Não quis usar o voto de qualidade (de desempate) porque os mesmos ministros que aprovaram a emenda regimental me dando esse poder, como estavam muito apaixonados, não queriam que eu usasse. Eu ia ter que impor uma decisão e isso realmente parecia um ato de despotismo. Não vou afirmar minha autoridade pelo mero prazer de afirmar a autoridade.

O Brasil foi condenado pela Corte Interamericana de Direitos Humanos por não ter punidos os responsáveis por mortes na Guerrilha do Araguaia. O STF disse que esses crimes estão anistiados. Que decisão o Estado deve cumprir?

Se o país deve cumprir ou não (a decisão da CIDH), responde o chefe do Estado brasileiro. Mas há algumas coisas que são indiscutíveis. Primeiro: a Corte Interamericana não é instância revisora do STF. Eles não têm competência nem função de rever as decisões do Supremo. A nossa decisão não fica sujeita ao reexame deles. Nossa decisão no plano interno continua tão válida quanto antes. Morreu o assunto.

Mas e no plano internacional?

O que se passa no plano internacional, e acho que o editorial do Estadão foi preciso, é que o Estado brasileiro assinou um tratado internacional e concorda com que a Corte decida, mas é uma decisão que tem mais caráter político do que jurisdicional. Em nenhuma cláusula do tratado há menção de que as decisões da Corte Interamericana se sobrepõem ou modificam as nossas decisões internas.

Como compatibilizar as duas decisões?

Se o presidente da República resolver indenizar as famílias (de mortos durante a Guerrilha do Araguaia), não há problema. Mas se abrirem um processo jurisdicional contra qualquer um que o Supremo considerou anistiado, o tribunal mata na hora. A população brasileira pode dormir tranquila quanto a isso.

O que está por trás da decisão?

Há interesses ideológicos. Não tenho nada contra. Mas cada país tem sua cultura e sua maneira de acertar as contas com o passado. Na África do Sul fizeram de um jeito, na Argentina fizeram de outro. Cada um sabe o que faz. Há muita pressão ideológica e de grupos pequenos. Nenhum de nós concorda com as atrocidades que foram cometidas. Agora, o que podemos fazer hoje? Todas as ações, penais e civis, estão prescritas.

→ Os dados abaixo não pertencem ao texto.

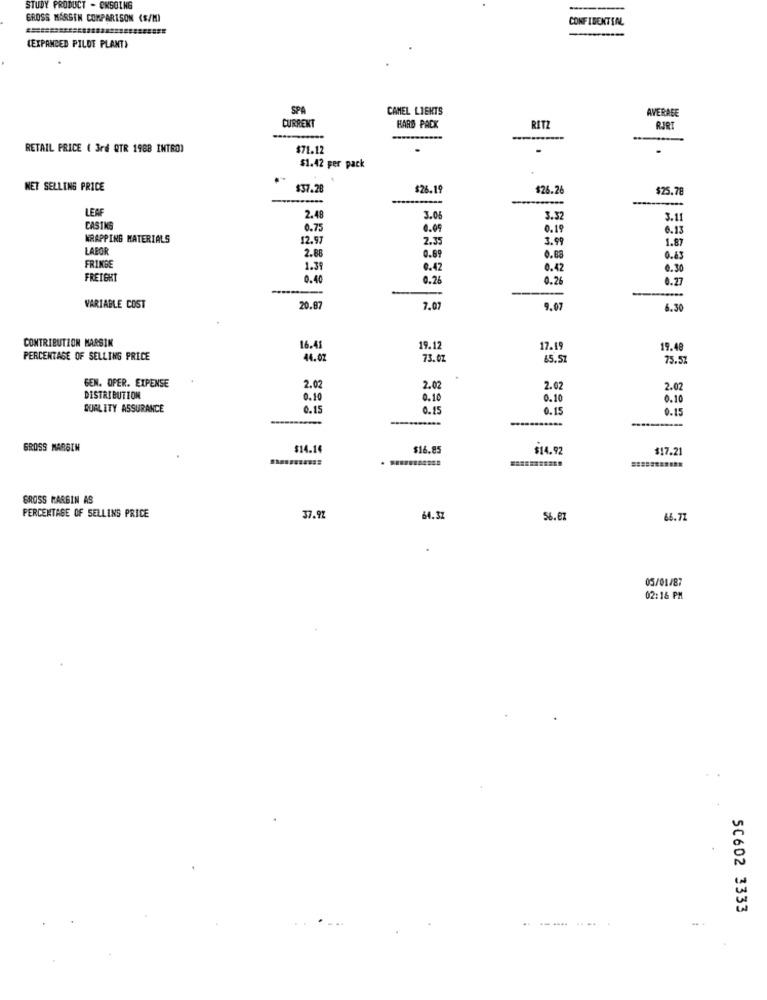
STUDY PRODUCT - CKSOTNG
GROSS MARGIN COMPARISON (S/M)
CONFIDENTIAL
(EXPANDED PILOT PLANT)
SPA
CAMEL LIGHTS
AVERAGE
CURRENT
HARD PACK
RITZ
RJRT
RETAIL PRICE ( 3rd QTR 1988 INTRO)
$71.12
$1.42 per pack
NET SELLING PRICE
$37.28
$26.19
$26.26
$25.78
LEAF
2.48
3.06
3.32
3.1
CASTKS
0.75
0.09
0.19
6.13
WRAPPING MATERIALS
12.9
2.35
3.99
1.87
LABOR
0.89
2.88
0.68
0.63
FRINGE
1.39
0.42
0.42
0.30
FREIGHT
0.40
0.26
0.26
0.27
VARIABLE COST
20.87
7.07
9.07
6.30
CONTRIBUTION MARSIK
16.41
19.12
17.1
19.48
PERCENTAGE OF SELLING PRICE
44.02
73.07
65.57
75.57
GEN. OPER. EXPENSE
2.02
2.02
2.02
2.02
DISTRIBUTION
0.10
0.10
0.10
0.10
QUALITY ASSURANCE
0.15
0.15
0.15
0.15
GROSS MARGIN
$14.10
$16.85
$14.92
$17.21
GROSS MARGIN AS
PERCENTAGE OF SELLING PRICE
37.97
64.37
56.ez
66.77
05/01/87
02:16 PM
50602 3333
.. ..... .. ....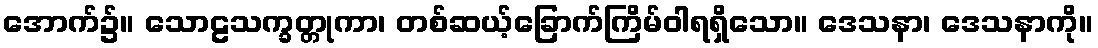
အောက်၌။ သောဠသက္ခတ္တုကာ၊ တစ်ဆယ့်ခြောက်ကြိမ်ဝါရရှိသော။ ဒေသနာ၊ ဒေသနာကို။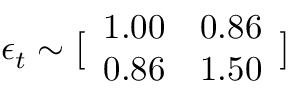
\displaystyle \boldsymbol { \epsilon } _ { t } \sim \bigl [ \begin{array} { l l } { 1 . 0 0 } & { 0 . 8 6 } \\ { 0 . 8 6 } & { 1 . 5 0 } \end{array} \bigr ]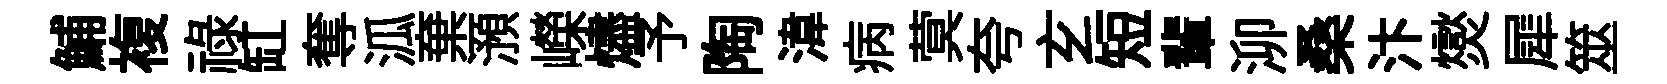
鯆複祿缸奪泒棄澦嶸燼予陶湋病蓂夸𤣥短輩泖桑汴爕犀筮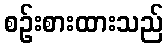
စဉ်းစားထားသည်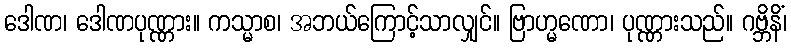
ဒေါဏ၊ ဒေါဏပုဏ္ဏား။ ကသ္မာစ၊ အဘယ်ကြောင့်သာလျှင်။ ဗြာဟ္မဏော၊ ပုဏ္ဏားသည်။ ဂဗ္ဘိနိံ၊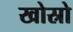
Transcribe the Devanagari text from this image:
खोस्रो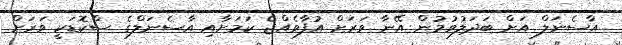
އާސެނަލް އަށް ބަދަލުވުމުން އޭނާ ވަރަށް އުފާވެއްޖެ ކަމަށާއި އާސެނަލްގެ ސްކޮޑަކީ ވަރަށް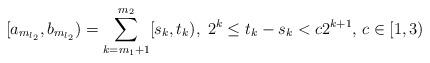
LaTeX: \begin{align*}[a_{m_{l_{2}}},b_{m_{l_{2}}})=\sum_{k=m_{1}+1}^{m_{2}}[s_{k},t_{k}),\; 2^{k}\leq t_{k}-s_{k}<c2^{k+1}, \, c\in [1,3)\end{align*}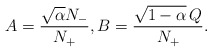
\begin{align*}A=\frac{\sqrt{\alpha} N_{-}}{N_{+}},B=\frac{\sqrt{1-\alpha}\,Q}{N_{+}}.\end{align*}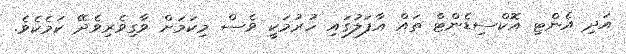
އަދި އެންޓި އޮކްސިޑެންޓް ތައް އާފަލުގައި ހުރުމަކީ ވެސް މިކަމަށް ވާގިވެރިވެދޭ ކަމެކެވެ.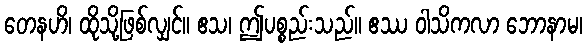
တေနဟိ၊ ထိုသို့ဖြစ်လျှင်။ ဧသ၊ ဤပစ္စည်းသည်။ ဧဿ ဝါသိကလာ ဘောနာမ၊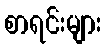
စာရင်းများ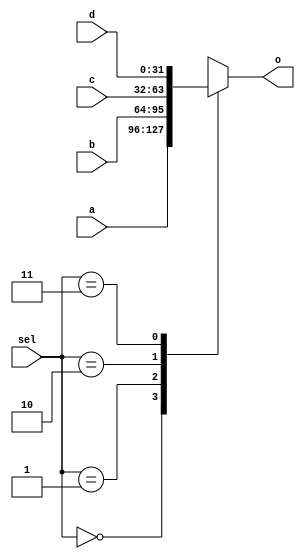
//--------------------------------------------------------------------------------
// Entity   mux_21 
// Version: 1.0
// Description: 32 bit 4:1 Multiplexer
//--------------------------------------------------------------------------------

module mux_41 
   (
    input wire [31:0] a,
    input wire [31:0] b,
    input wire [31:0] c,
    input wire [31:0] d,
    input wire [1:0] sel,
    output reg [31:0] o
    );

  always @ (a or b or c or d or sel)
  begin
    case (sel)
      2'b00: 
          o = a;
      2'b01: 
          o = b;
      2'b10: 
          o = c; 
      2'b11:
          o = d;  
     endcase     
  end

endmodule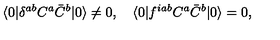
\langle 0 | \delta ^ { a b } C ^ { a } \bar { C } ^ { b } | 0 \rangle \not = 0 , \quad \langle 0 | f ^ { i a b } C ^ { a } \bar { C } ^ { b } | 0 \rangle = 0 ,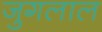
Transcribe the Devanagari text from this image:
जुगलाल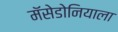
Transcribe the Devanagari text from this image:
मॅसेडोनियाला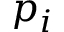
p _ { i }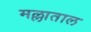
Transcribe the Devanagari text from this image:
मल्लाताल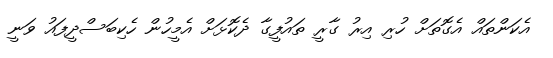
އެކަންތައް އެގޮތަށް ހުރި އިރު ގާރީ ތައުފީގާ ދެކޮޅަށް އެމީހުން ހެކިބަސްދީފައު ވަނީ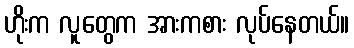
ဟိုးက လူတွေက အားကစား လုပ်နေတယ်။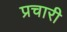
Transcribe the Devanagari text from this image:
प्रचारी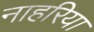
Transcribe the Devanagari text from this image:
नाहरिया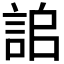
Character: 𧧆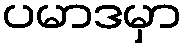
ပမာဒမှာ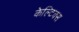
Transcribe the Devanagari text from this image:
केल्टिक्स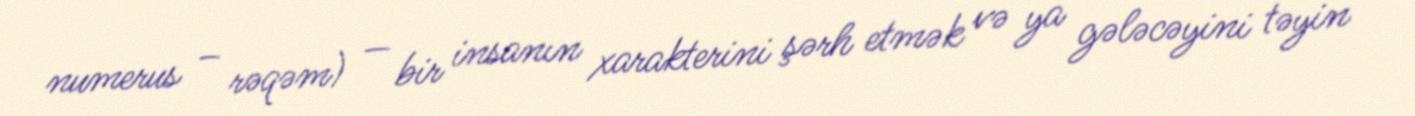
numerus – rəqəm) — bir insanın xarakterini şərh etmək və ya gələcəyini təyin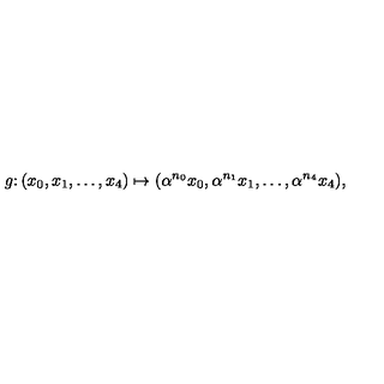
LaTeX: g \colon ( x _ { 0 } , x _ { 1 } , \ldots , x _ { 4 } ) \mapsto ( \alpha ^ { n _ { 0 } } x _ { 0 } , \alpha ^ { n _ { 1 } } x _ { 1 } , \ldots , \alpha ^ { n _ { 4 } } x _ { 4 } ) ,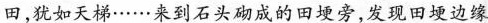
田，犹如天梯……来到石头砌成的田埂旁，发现田埂边缘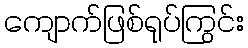
ကျောက်ဖြစ်ရုပ်ကြွင်း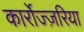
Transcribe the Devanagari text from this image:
कार्रोज्ज़रिया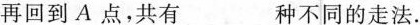
再回到A点，共有___种不同的走法.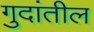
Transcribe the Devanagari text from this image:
गुदांतील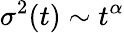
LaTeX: \sigma^{2}(t)\sim t^{\alpha}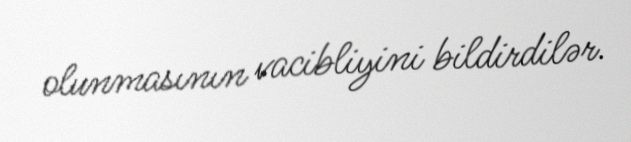
olunmasının vacibliyini bildirdilər.

Alega-se que foram crimes de lesa humanidade e, por isso, imprescritíveis.

A nossa Constituição, a partir de 88, disse que não prescreve. O que ficou para trás está prescrito. Se fosse hoje, não prescreveria. Não posso usar a Constituição para retroagir. Está tudo prescrito. Não temos o que fazer.

Como o sr. avalia a decisão do STF?

Eu acho pessoalmente que o STF deu uma decisão importante para pacificação da sociedade. É muito justo que se procure apurar autoria, responsabilidades, para prevenir futuras coisas. Mas do ponto de vista dos interesses superiores da sociedade, o STF deu uma contribuição importante. As Forças Armadas ainda poderiam se ressentir de certas coisas...

Se ressentir como?

Assim como há pessoas favoráveis a isso (punir torturadores da ditadura), há outras que acham que isso deve estar definitivamente enterrado. Na medida em que um sobe a voz, o outro também sobe. Aí, vamos numa escalada que não é boa para ninguém.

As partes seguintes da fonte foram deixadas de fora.